Quickly Rumer discovers that it takes a community to raise a bilingual child. It turns out to be really useful to put your kid in a workshop or play group where other people speak that other language. Community means more than what Rumer illustrates, though: not only a means to reinforce fluency but constitutive of that end in the first place. Having a child speak Russian with the teacher and peers in a dance class is nice, but the reason for joining that dance class is a parent’s prior membership in that community.
Language is not an entrance ticket but the confirmation of already belonging. It may be due to the anti-immigrant mood of our time that Rumer feels defensive about the charge that bilingualism impedes kids’ learning. But to me, growing up bilingual looks like an obvious good by itself. As an added bonus, bilingualism fosters benefits prized in fashionable childrearing literature, like grit, resilience, and busy neural pathways. The ability to speak multiple languages appears easily superior to having just one.
Language learning deserves emphasis. But the book neglects history and politics as components of cultural transmission. Religion also figures into this project less substantially than one would expect. Sidelining these features is costly. Even when the past or politics are what drove immigrants to leave a place, or are what prevents their return, history can help immigrants’ children trace their paths.
And yet Rumer may have written this book a few years too soon. The writer and interviewees predominantly focus on early childhood. Early years are formative, but the big challenges, and perhaps the resultant wisdom I’d prize from immigrant parents, might be yet to come. Middle school could be the start of a wholly other journey to a strange new place.
Rumer hints at the depth of loss some immigrant parents suffer, a pang doubly deep, as they feel distant from their children’s experience by not just one remove but two: the gulf of knowing somewhere else as home and the rupture of departure and settling in as a stranger. In a lovely passage Rumer’s mind strays to memories she perceives “as intensively as if they’re still real,” from “overnight train rides to the Black Sea and the scent of blooming acacia and potatoes with dill” to “ice over the Gulf of Finland glimmering beneath my kicksled.” Not only will Rumer’s son and daughter not grow up with that scent or glimmer, they also will not experience what it cost her to consign these things to memory alone.
Immigrant or not, parents may want more than to transmit to their children the cultural treasures they inherited.

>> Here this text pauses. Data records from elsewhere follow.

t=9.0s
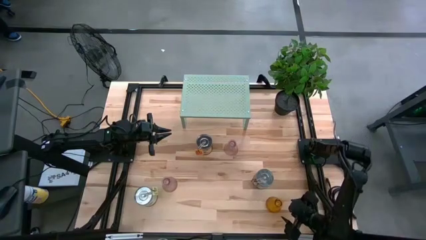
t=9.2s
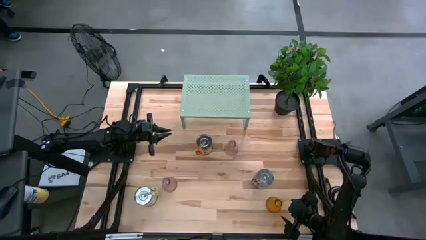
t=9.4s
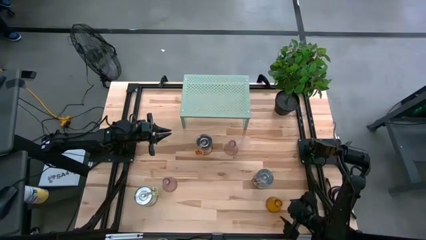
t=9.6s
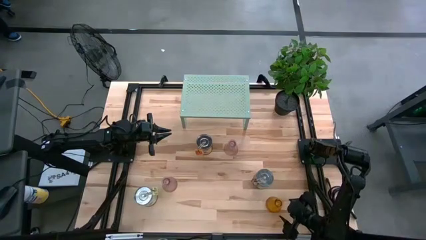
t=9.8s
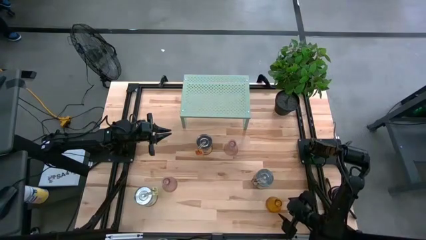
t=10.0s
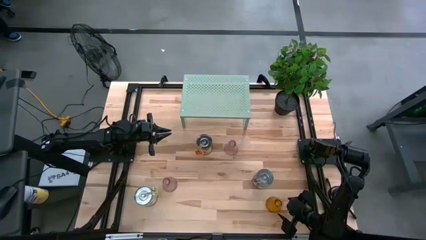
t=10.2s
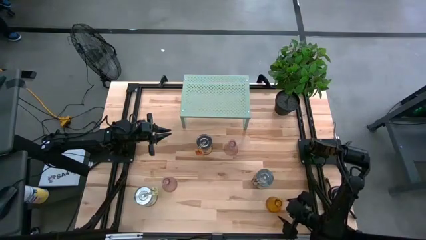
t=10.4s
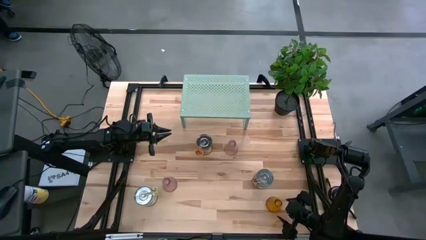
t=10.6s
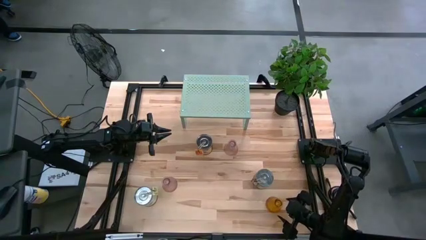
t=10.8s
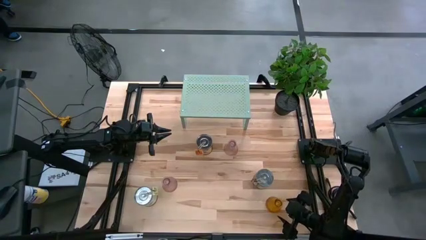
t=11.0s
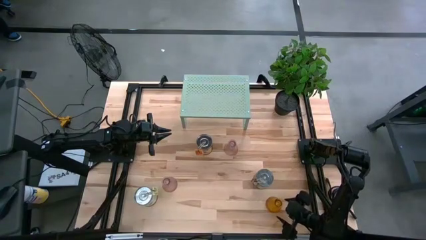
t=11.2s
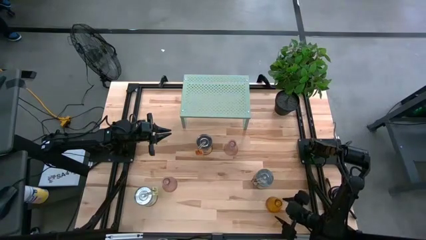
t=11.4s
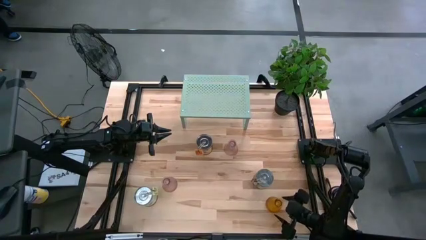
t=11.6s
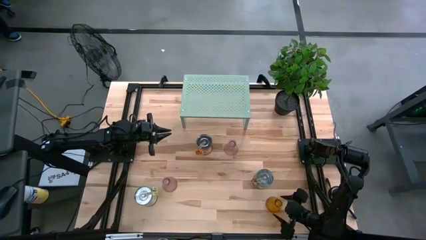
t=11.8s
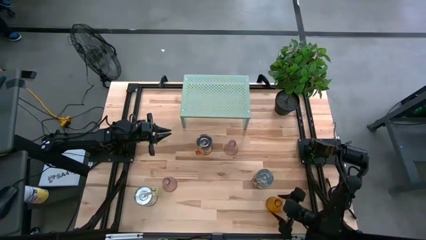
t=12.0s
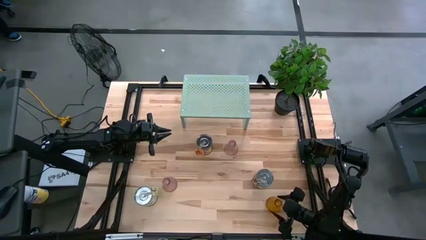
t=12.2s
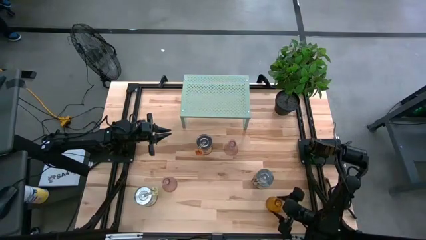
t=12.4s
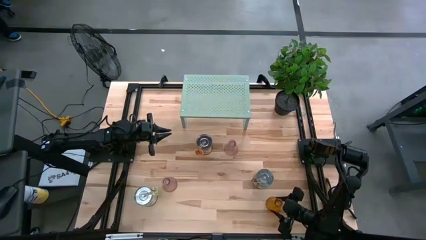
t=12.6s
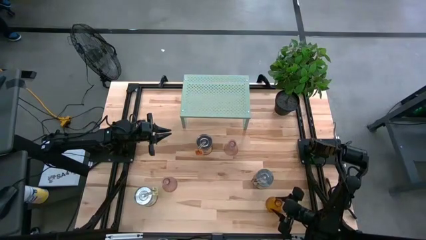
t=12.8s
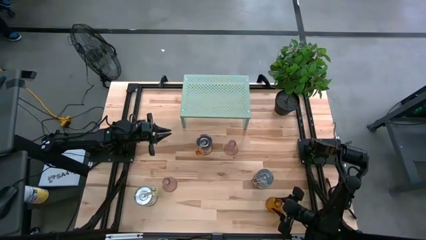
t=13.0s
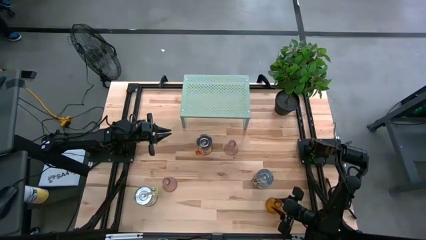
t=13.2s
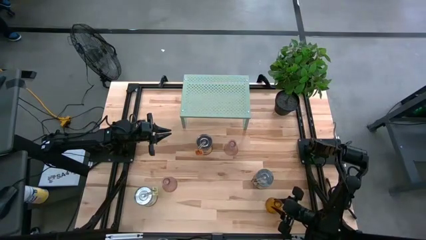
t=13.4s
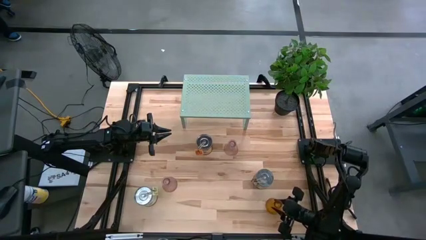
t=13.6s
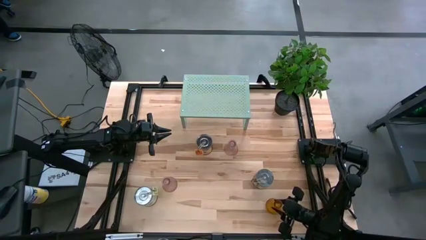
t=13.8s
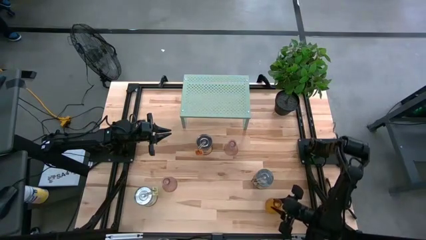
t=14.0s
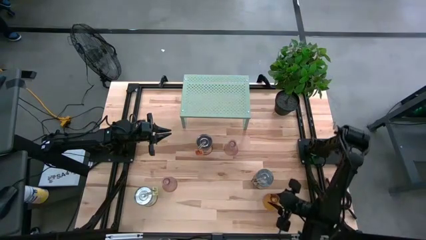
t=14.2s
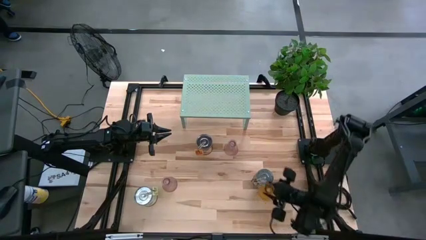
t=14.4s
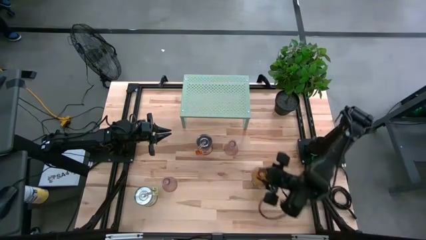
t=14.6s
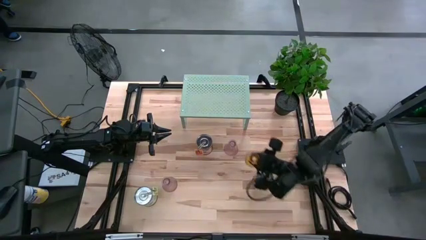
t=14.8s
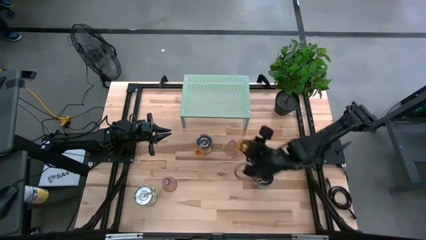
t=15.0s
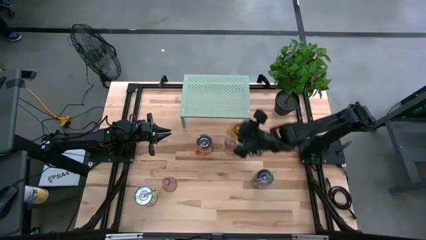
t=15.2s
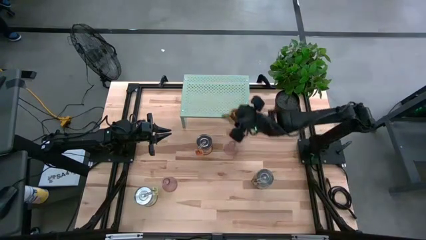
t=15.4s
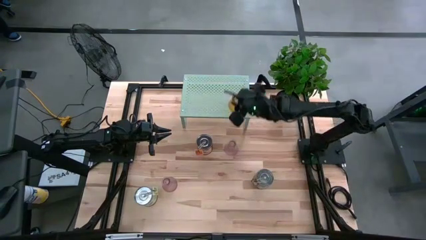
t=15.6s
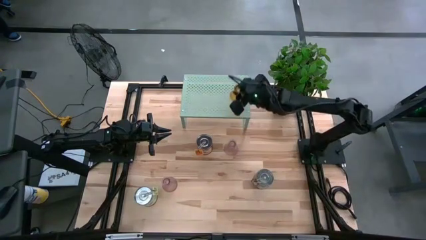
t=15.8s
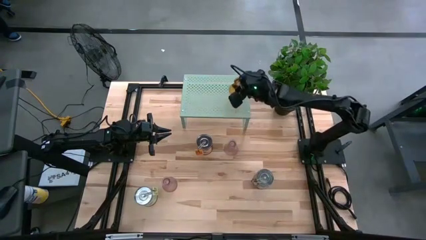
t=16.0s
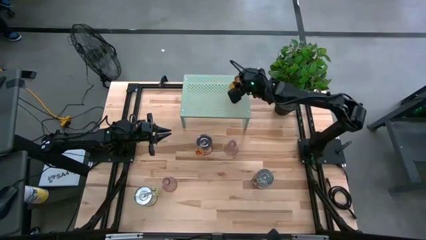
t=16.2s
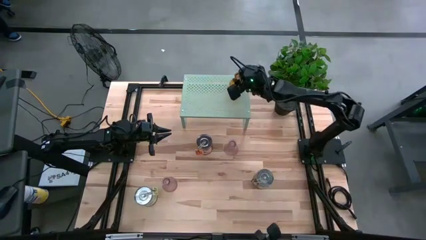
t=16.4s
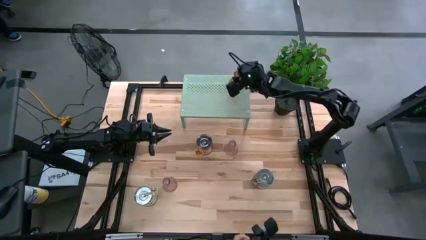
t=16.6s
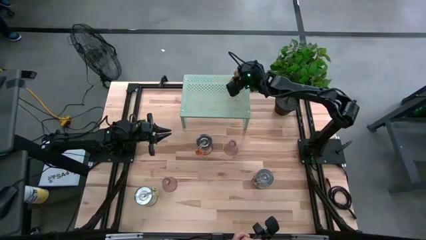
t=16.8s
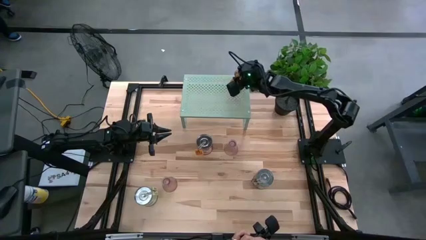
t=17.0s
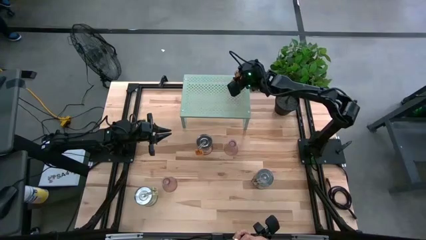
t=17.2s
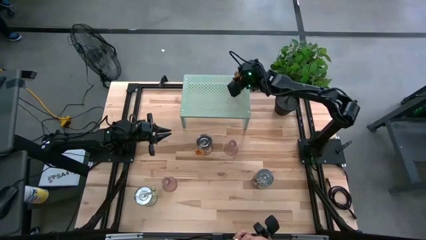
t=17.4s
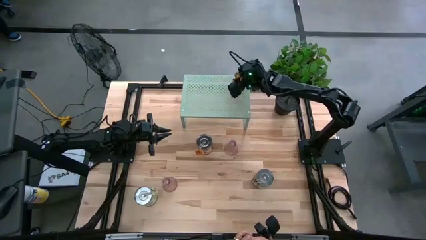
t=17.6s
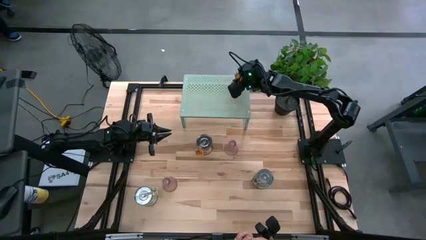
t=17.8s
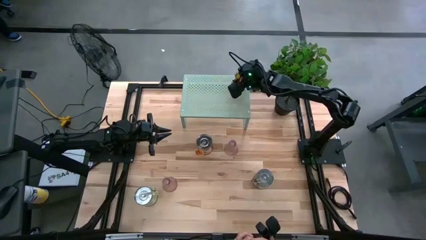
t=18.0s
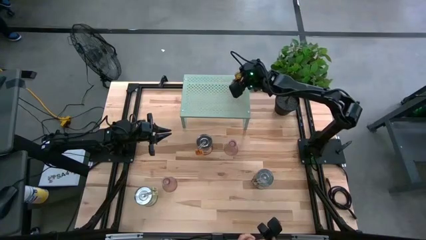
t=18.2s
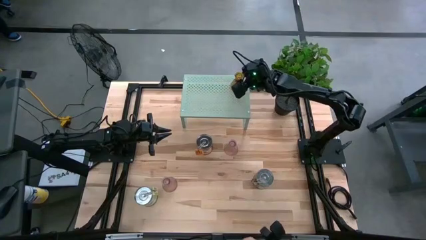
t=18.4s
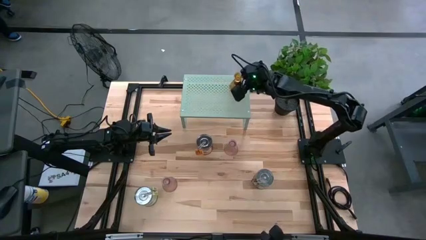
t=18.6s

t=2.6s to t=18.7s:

They may want their children to know them. For immigrant parents this may mean wanting to teach their children an appreciation of the place and culture left behind. Ultimately, it is here that always-American parents have a lot in common with moms and dads who come from other places. To many American children, parents’ ways can seem weird and foreign. To many parents, their children seem to live in another world that bears little resemblance to the planet of their own youth. After all, the past is a foreign country. Immigrant parents at least have the advantage of being able to point to theirs on a map.
Agnes R. Howard teaches in Christ College, the honors college at Valparaiso University, and is author of Showing: What Pregnancy Tells Us about Being Human. She is a Contributing Editor for Current.